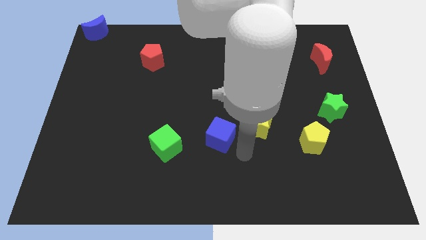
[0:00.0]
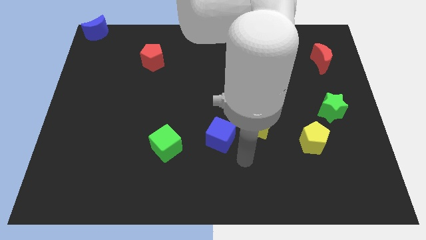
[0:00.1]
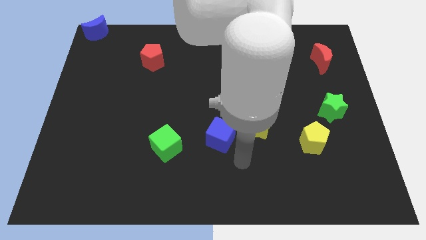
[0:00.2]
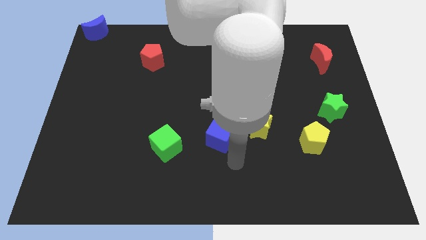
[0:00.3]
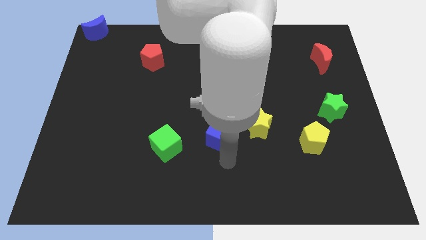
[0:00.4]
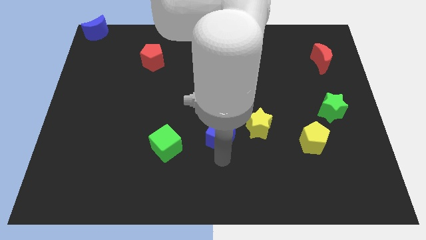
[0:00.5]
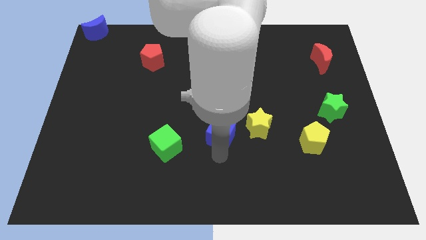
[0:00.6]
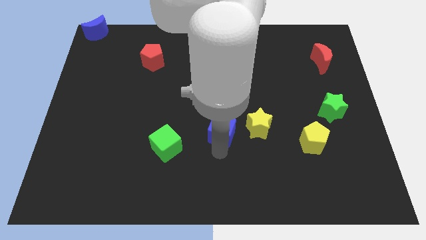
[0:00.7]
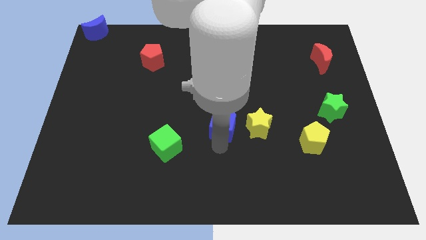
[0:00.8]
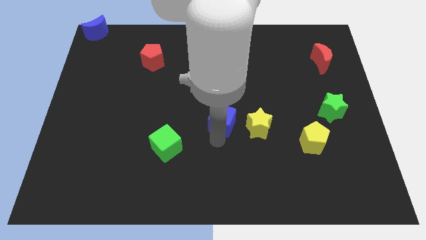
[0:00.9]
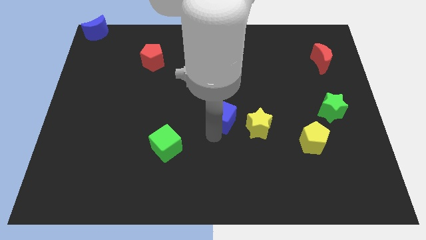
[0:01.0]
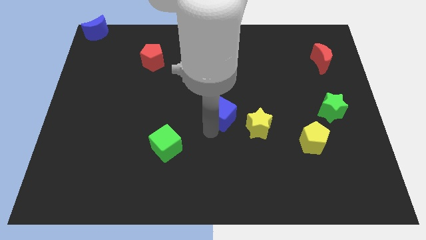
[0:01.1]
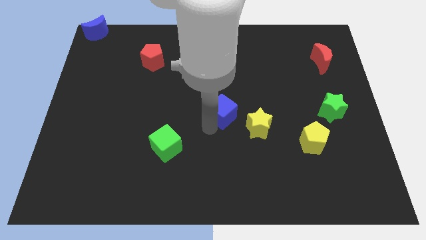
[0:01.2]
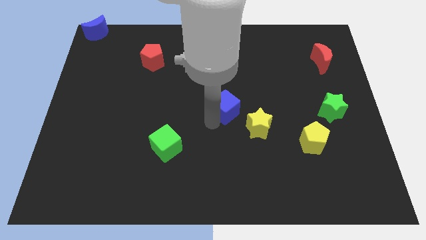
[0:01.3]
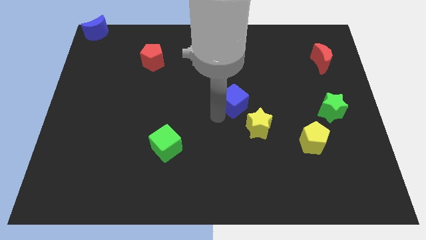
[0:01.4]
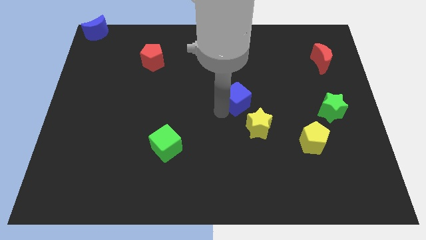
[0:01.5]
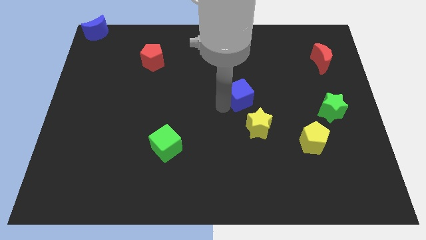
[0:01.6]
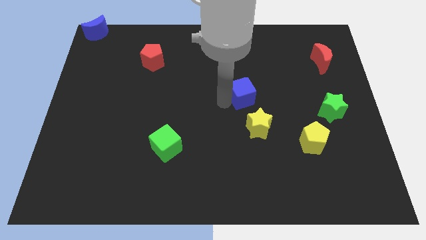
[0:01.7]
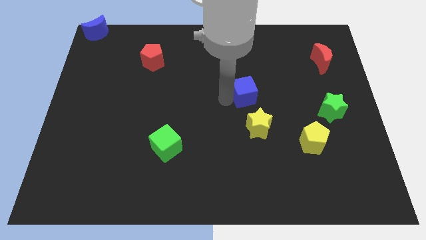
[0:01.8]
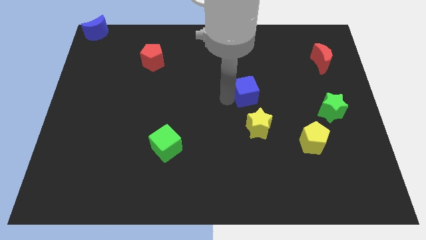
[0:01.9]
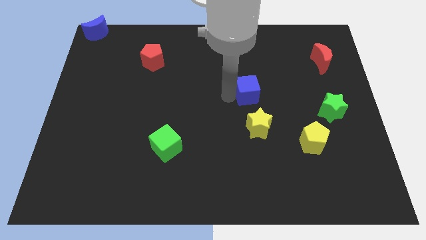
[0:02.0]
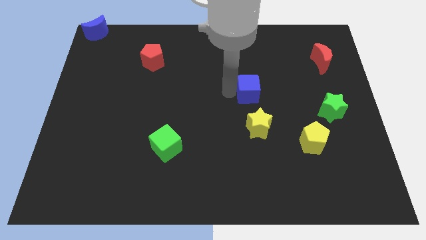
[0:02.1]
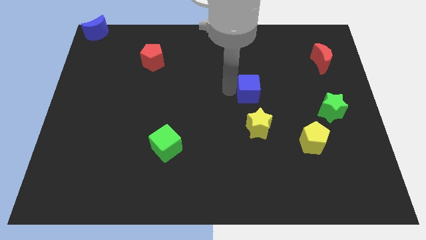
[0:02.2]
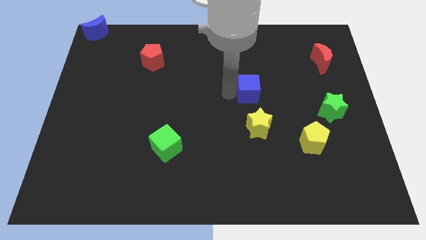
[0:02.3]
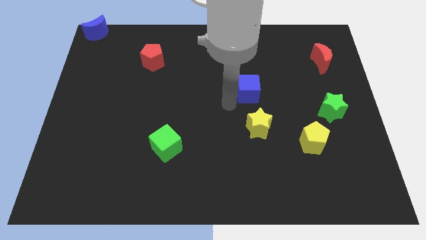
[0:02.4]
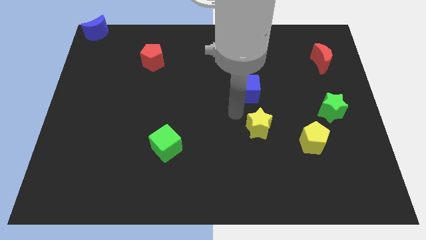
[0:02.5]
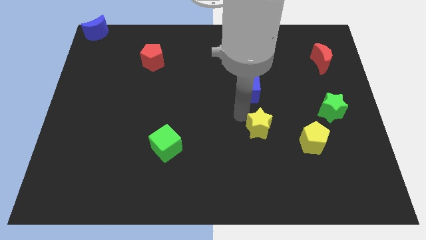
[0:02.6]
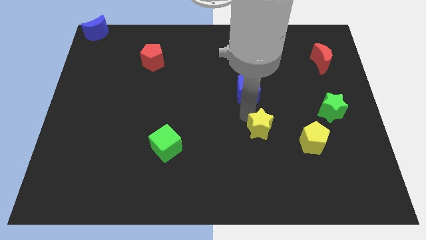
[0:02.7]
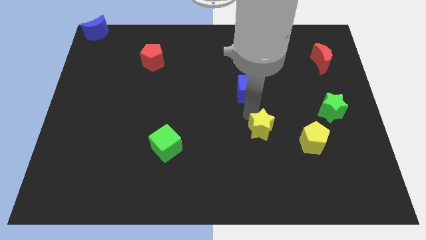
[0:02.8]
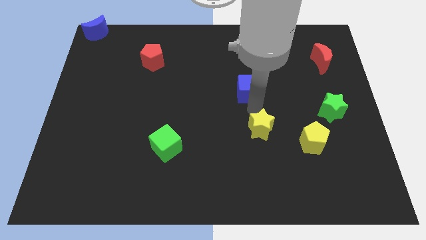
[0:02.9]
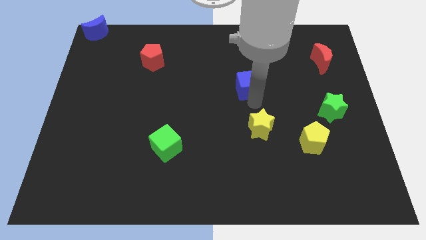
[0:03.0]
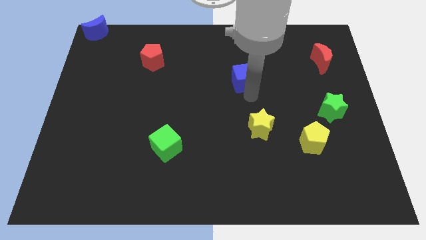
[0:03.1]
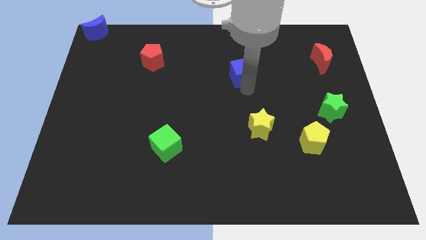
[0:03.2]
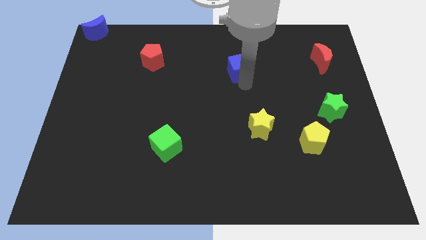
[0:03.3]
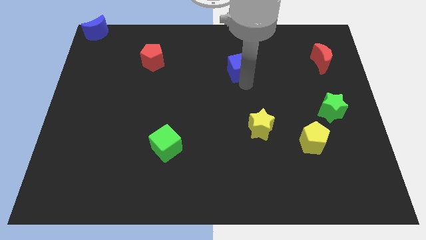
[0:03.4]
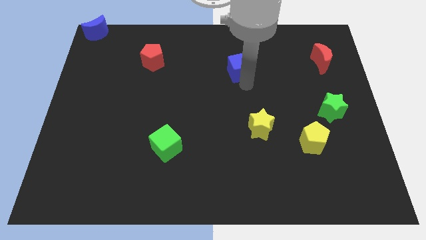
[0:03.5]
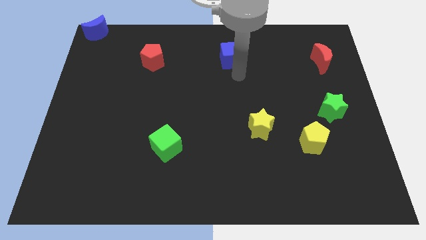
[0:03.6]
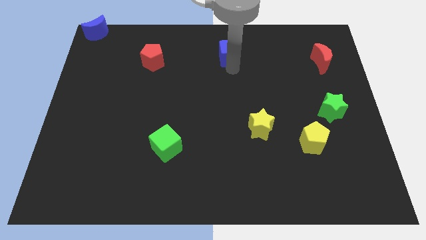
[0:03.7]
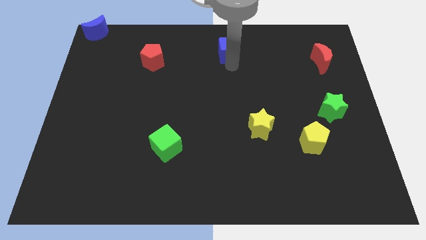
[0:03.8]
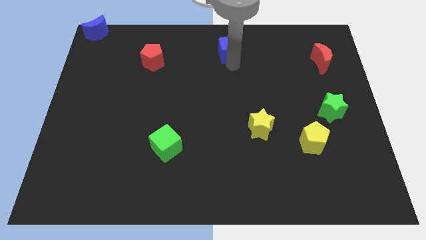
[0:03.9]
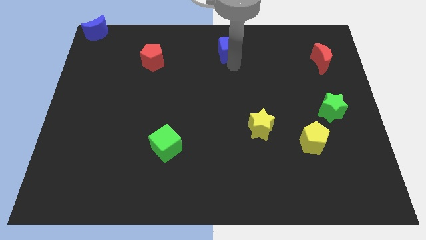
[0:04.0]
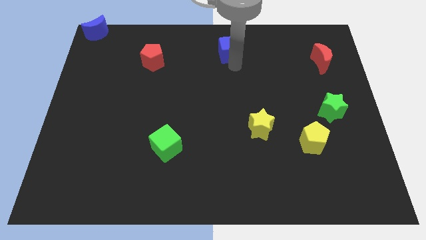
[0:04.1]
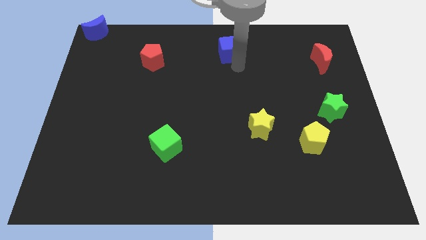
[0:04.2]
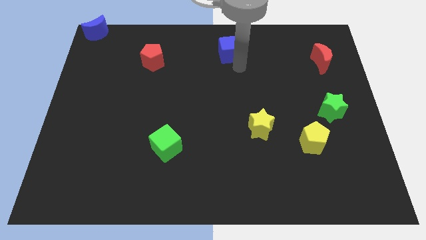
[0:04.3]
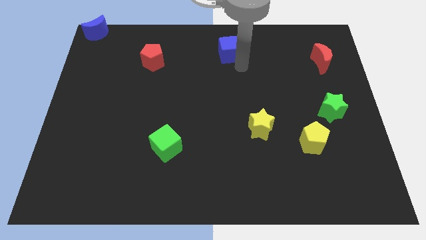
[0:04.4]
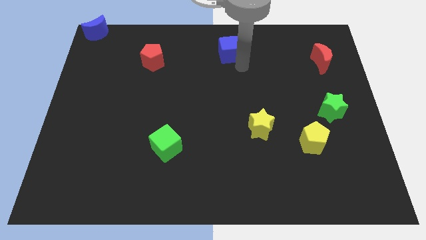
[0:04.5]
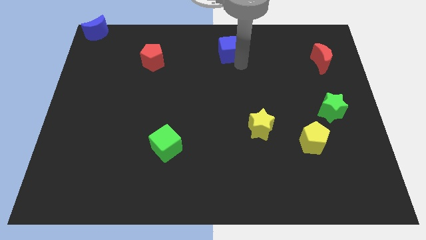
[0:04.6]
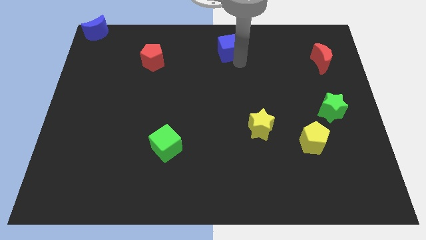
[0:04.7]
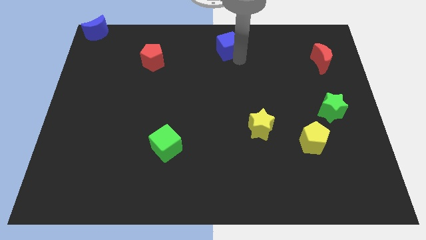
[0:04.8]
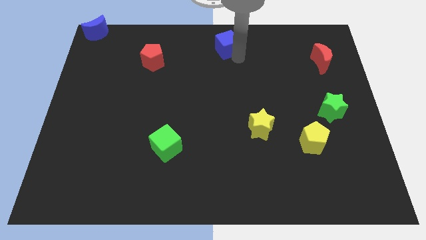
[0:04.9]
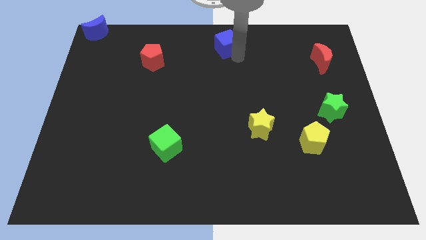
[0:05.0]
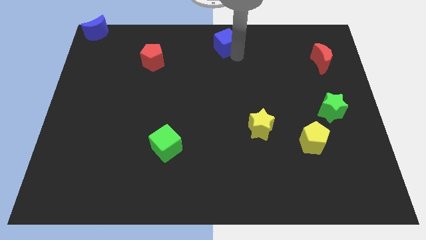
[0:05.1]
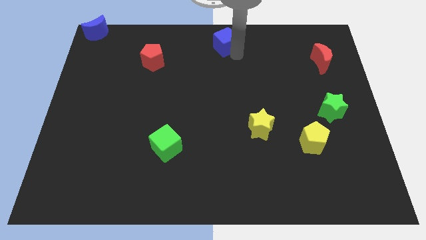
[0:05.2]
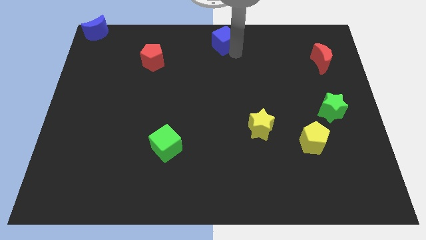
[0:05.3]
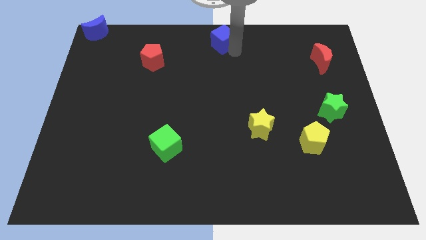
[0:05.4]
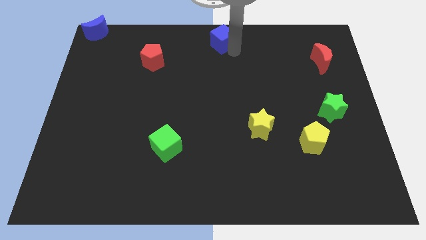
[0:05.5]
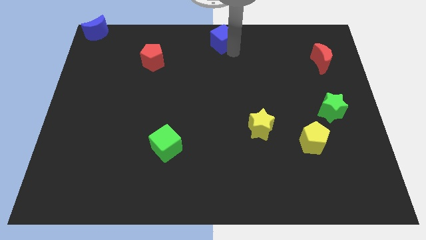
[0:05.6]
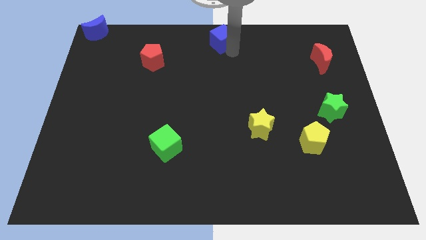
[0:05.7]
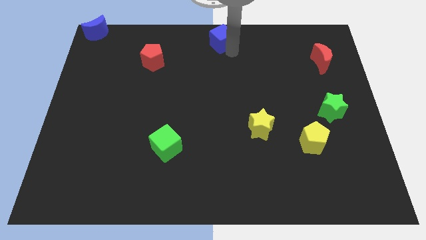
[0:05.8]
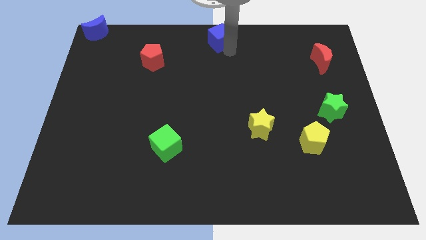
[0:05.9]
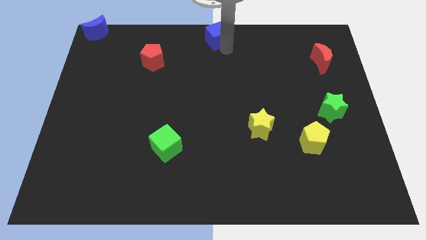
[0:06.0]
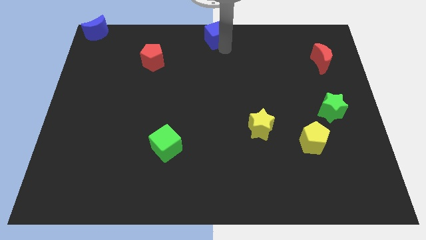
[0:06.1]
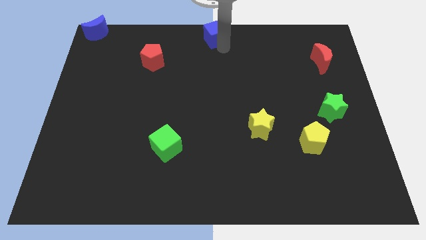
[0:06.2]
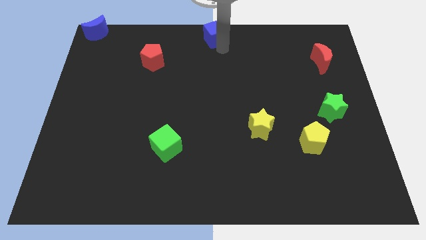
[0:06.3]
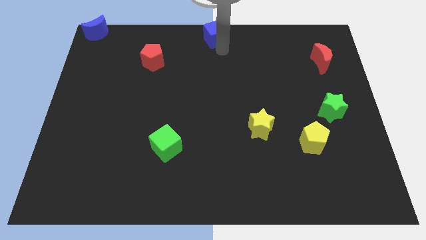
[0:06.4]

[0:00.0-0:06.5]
push the blue cube to the top center of the board
☆ ☆ ☆
• [Try it] Pictures aside, reproduce all of the data exactly.

• [Exercise result]
[0:00.0]
[0:00.1]
[0:00.2]
[0:00.3]
[0:00.4]
[0:00.5]
[0:00.6]
[0:00.7]
[0:00.8]
[0:00.9]
[0:01.0]
[0:01.1]
[0:01.2]
[0:01.3]
[0:01.4]
[0:01.5]
[0:01.6]
[0:01.7]
[0:01.8]
[0:01.9]
[0:02.0]
[0:02.1]
[0:02.2]
[0:02.3]
[0:02.4]
[0:02.5]
[0:02.6]
[0:02.7]
[0:02.8]
[0:02.9]
[0:03.0]
[0:03.1]
[0:03.2]
[0:03.3]
[0:03.4]
[0:03.5]
[0:03.6]
[0:03.7]
[0:03.8]
[0:03.9]
[0:04.0]
[0:04.1]
[0:04.2]
[0:04.3]
[0:04.4]
[0:04.5]
[0:04.6]
[0:04.7]
[0:04.8]
[0:04.9]
[0:05.0]
[0:05.1]
[0:05.2]
[0:05.3]
[0:05.4]
[0:05.5]
[0:05.6]
[0:05.7]
[0:05.8]
[0:05.9]
[0:06.0]
[0:06.1]
[0:06.2]
[0:06.3]
[0:06.4]

[0:00.0-0:06.5]
push the blue cube to the top center of the board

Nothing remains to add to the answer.